I’ve always been uncomfortable with activity-based productivity metrics, like keystrokes per hour or time spent at a desk, because they measure presence rather than impact. The most productive people I’ve worked with often look “less busy” than their peers because they work efficiently. Measuring output and outcomes, not activity, is the only honest way to assess productivity.

Revenue per employee is one macro-level productivity metric I do find useful. It gives you a high-level sense of whether your workforce is scaling efficiently. If revenue grows 30 percent but headcount grows 50 percent, your per-employee productivity is declining, and that’s a conversation worth having with leadership about where the inefficiencies are.

Training Effectiveness and Cost Per Employee

Training investment is only valuable if it produces measurable results. I track two metrics here: training effectiveness (measured by pre- and post-training assessments plus on-the-job performance changes) and training cost per employee (total training spend divided by headcount). Together, they tell you whether your L&D budget is actually developing people or just burning money.

At one of my companies, we were spending around $2,000 per employee annually on training programs, but when I dug into the data, only about 40 percent of participants showed measurable improvement in the skills the training was supposed to develop. That’s a bad return by any standard.

The fix was getting more targeted. Instead of broad training programs, we used our skills matrix to identify specific gaps and invested in focused training for those areas. Cost per employee dropped, effectiveness went up, and the team valued the training because it was directly relevant to their development goals rather than being generic professional development.

Employee Engagement and Net Promoter Score

Employee satisfaction and engagement are related but importantly different metrics. Satisfaction measures how content people are with their current situation. Engagement measures how emotionally invested they are in the organization’s success. You can have satisfied employees who aren’t engaged, and that’s a problem because they’re comfortable but not contributing at their full potential.

The Employee Net Promoter Score (eNPS) is a specific engagement metric that I’ve found particularly useful because of its simplicity. It asks one question: on a scale of 0 to 10, how likely are you to recommend this company as a place to work? Scores of 9 or 10 are promoters, 7 or 8 are passives, and 0 to 6 are detractors. Subtract the detractor percentage from the promoter percentage and you have your eNPS. Anything above 20 is generally good.

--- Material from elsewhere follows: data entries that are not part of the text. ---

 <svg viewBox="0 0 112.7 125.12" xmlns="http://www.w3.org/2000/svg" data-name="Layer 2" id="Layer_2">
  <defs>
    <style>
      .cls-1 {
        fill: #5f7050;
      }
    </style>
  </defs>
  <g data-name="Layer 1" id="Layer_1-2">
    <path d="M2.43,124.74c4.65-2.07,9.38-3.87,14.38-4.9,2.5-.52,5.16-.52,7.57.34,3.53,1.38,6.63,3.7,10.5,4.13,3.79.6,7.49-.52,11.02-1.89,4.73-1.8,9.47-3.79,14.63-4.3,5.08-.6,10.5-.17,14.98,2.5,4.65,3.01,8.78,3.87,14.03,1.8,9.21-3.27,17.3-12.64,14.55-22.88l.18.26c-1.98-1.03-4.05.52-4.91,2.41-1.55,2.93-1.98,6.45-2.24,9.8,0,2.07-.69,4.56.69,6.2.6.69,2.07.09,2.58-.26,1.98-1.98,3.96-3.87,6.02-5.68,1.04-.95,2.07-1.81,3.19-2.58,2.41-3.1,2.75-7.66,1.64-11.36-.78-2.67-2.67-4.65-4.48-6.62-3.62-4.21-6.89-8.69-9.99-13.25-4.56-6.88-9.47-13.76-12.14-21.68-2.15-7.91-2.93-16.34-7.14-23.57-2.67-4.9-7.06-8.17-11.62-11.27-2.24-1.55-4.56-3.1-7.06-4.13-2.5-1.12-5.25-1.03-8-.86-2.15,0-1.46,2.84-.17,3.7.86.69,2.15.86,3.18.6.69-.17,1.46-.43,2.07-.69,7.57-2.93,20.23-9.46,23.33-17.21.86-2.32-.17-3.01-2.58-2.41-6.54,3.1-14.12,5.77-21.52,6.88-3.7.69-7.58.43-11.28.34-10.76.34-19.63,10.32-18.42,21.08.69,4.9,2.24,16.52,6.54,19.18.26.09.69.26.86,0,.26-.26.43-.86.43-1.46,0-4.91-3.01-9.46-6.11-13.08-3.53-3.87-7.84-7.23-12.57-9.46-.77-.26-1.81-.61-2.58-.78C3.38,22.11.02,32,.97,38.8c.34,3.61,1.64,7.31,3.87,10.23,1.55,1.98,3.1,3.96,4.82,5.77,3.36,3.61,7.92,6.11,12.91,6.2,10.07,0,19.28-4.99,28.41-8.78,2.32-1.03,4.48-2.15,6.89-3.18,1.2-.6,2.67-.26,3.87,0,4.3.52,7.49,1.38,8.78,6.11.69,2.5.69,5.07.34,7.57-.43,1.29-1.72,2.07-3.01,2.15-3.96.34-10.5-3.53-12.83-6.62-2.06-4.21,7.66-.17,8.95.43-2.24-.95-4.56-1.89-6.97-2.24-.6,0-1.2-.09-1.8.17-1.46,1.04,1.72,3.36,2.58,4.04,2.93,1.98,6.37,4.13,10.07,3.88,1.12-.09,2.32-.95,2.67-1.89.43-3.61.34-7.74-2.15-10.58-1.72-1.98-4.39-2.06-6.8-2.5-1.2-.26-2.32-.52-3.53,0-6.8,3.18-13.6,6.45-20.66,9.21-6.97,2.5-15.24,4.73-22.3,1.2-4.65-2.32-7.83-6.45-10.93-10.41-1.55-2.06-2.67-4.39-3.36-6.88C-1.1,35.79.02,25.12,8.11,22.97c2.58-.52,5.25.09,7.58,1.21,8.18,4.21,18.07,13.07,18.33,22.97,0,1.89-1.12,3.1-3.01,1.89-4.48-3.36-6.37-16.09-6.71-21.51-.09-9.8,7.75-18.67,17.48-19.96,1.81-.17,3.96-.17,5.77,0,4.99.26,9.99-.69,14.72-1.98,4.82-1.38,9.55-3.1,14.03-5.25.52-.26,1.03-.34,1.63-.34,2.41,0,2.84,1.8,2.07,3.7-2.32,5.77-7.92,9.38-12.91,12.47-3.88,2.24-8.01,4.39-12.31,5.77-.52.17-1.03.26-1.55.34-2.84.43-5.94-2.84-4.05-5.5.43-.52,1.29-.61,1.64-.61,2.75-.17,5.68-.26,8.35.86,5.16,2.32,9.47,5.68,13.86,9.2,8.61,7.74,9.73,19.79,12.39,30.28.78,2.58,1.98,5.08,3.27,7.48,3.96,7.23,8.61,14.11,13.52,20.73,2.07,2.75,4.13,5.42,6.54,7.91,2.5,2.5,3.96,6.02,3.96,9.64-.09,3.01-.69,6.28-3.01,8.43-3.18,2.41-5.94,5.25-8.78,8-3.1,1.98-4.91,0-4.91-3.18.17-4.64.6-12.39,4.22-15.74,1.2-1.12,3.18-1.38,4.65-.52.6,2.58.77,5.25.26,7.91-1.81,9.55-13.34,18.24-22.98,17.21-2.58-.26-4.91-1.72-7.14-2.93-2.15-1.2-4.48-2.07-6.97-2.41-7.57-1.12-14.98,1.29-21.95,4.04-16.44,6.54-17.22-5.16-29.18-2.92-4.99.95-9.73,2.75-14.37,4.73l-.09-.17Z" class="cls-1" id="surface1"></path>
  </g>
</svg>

Tracking employee engagement on a quarterly basis through pulse surveys and eNPS gives you trend data that’s actionable. If engagement drops after a reorganization, you know the change wasn’t communicated or implemented well. If it rises after you launch a new benefits package, you’ve validated the investment. The connection between engagement data and business outcomes is what makes these metrics worth tracking.

Overtime Hours and Benefits Administration

Overtime hours are a metric that gets overlooked until it becomes a crisis. Some overtime is normal, especially during product launches or seasonal peaks. But chronic overtime means you’re either understaffed, inefficient, or asking too much of the people you have. In my experience, teams averaging more than 10 percent overtime consistently start showing higher absenteeism and lower engagement within a few months. The two metrics are causally connected.

Benefits administration KPIs track how effectively you’re managing employee benefits, including enrollment rates, benefits utilization, and cost per employee. If you’re offering a benefits package that employees don’t use, you’re spending money that isn’t creating value. High benefits utilization usually correlates with higher satisfaction, so tracking this helps you optimize your benefits investment.

I look at both of these metrics monthly and flag any trends that are moving in the wrong direction. A sudden spike in overtime often precedes turnover in that department by 2 to 3 months, which gives you a window to intervene before you start losing people.

Diversity Metrics and Workplace Safety KPIs

Diversity metrics track the composition of your workforce across dimensions like gender, ethnicity, age, and disability status. They also include hiring rates, promotion rates, and pay equity analysis by demographic group, which reveals whether your processes are genuinely equitable or whether certain groups face systemic barriers that you may not be aware of.

Workplace safety KPIs, such as incident rates, days lost to workplace injuries, and near-miss reports, are especially critical in industries with physical work environments. But even in tech and office-based companies, tracking metrics related to ergonomic complaints, mental health days, and workplace employee performance metrics related to wellbeing gives you useful data on workforce health that pure productivity metrics miss.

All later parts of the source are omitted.